I have a suspicion that the entire casandre_log can be rewritten. For example, anything with xtrans can be pulled out the loops since we know it’s the same vector for each i and you only need to do any operations on that once for the entire program. Right now you’re doing it for each ns and then for each nt within the function!

If the values in that normal_cdf call repeats, you can cache those so you’re not computing them again.

On that final element wise sum, that’s good to profile and good to know that the trace gradient is slower. I believe you can also try sum(columns_dot_product(resps, log(llhc))

2 Likes

Thanks for your help! In this case, the matrix returned from logncdfinv should have one mu and sigma parameter per column, and a different, equally spaced, x-axis value (to be transformed) per row, so every element is unique. This would result in a matrix with a column vector per participant containing their particular transformed x-axis, returned as a column vector each in the xtrans matrix that’s called into the likelihood function.

See my post above for suggested changes to your lpdf function. I think EOD without reparametrizing the model you will need to utilize reduce_sum. Though if you have 64 or 128 cores you should see a pretty big speedup. Not linear, but it should make the model take maybe a week or three instead of a few months.
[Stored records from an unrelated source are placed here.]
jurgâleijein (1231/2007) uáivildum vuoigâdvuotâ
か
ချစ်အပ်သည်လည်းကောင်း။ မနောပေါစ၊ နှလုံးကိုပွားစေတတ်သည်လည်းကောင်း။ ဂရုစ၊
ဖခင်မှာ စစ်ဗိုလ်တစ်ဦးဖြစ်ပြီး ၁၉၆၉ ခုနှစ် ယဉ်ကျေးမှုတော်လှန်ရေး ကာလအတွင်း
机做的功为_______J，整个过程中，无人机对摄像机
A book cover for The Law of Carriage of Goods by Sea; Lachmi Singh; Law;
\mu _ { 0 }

If you are able to see what draws tend to need a very high tree depth for your current runs, that can help you understand where the model is having trouble so you can find places to reparameterize.
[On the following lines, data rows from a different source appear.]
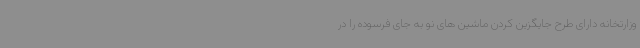
وزارتخانه دارای طرح جایگزین کردن ماشین های نو به جای فرسوده را در
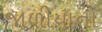
જાળીયાનો
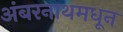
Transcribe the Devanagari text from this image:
अंबरनाथमधून
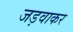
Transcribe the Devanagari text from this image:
जड़वाकर
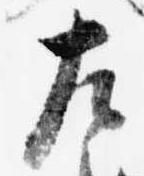
左
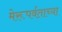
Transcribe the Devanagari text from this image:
मेरूपर्वताच्या
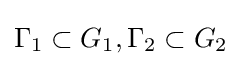
\Gamma _{1}\subset G_{1},\Gamma _{2}\subset G_{2}

Also looking at your priors again, beta(0.1, 1) seems like a really tight prior. Can you try loosening up your priors to make them more semi-informative?

What is casandre btw? I’ve never heard of a distribution by that name and am not sure what to google

I’m working on implementing more of the changes you suggested! In the meantime, CASANDRE comes from this paper:

https://www.nature.com/articles/s41562-022-01464-x

CASANDRE is a two step process model of confidence that is used to evaluate metacognitive ability and metacognitive bias. It assumes that decisions about stimuli are made by comparing a noisy estimate of the relevant stimulus feature to a decision criterion, and that decisions about confidence are made by comparing the signal to noise ratio of the relevant stimulus feature to a confidence criterion. The signal strength is modeled as the distance between the noisy estimate of the relevant stimulus feature and the decision criterion, while the noise is modeled as the uncertainty present in the estimation. Importantly, the model assumes that the uncertainty present in the estimation cannot be directly known, but is, itself, an estimation, the accuracy of which depends on metacognitive ability and bias.

Metacognitive ability is mathematically modeled in CASANDRE as the standard deviation of this estimated uncertainty, termed meta-uncertainty, where larger values suggest weaker metacognitive ability, while metacognitive bias is modeled as the confidence criterion to which this signal to noise ratio is compared to to determine if confidence is low or high.

What you see specified in our code is the likelihood of the choice data given that likelihood is accurately modeled by CASANDRE. This takes into account the guess rate, stimulus sensitivity, decision criterion, meta-uncertainty, confidence criterion, and stimulus strength. In this case the stimulus strength depends only on the magnitude of the deflection from vertical of an oriented Gabor patch that a participant is asked to report the direction of rotation of. They can either respond clockwise or counterclockwise, and can report that they either have high or low confidence in their decision. These options are represented as the four columns of the choice matrix, where a ‘1’ in any column represents the actual decision of the participant, and ‘0’ in the remaining columns represents the choices not made. This choice matrix is multiplied by the parameter-and-stimulus-dependent likelihood matrix calculated by the CASANDRE model to give the likelihood of the parameters given the participant’s choices.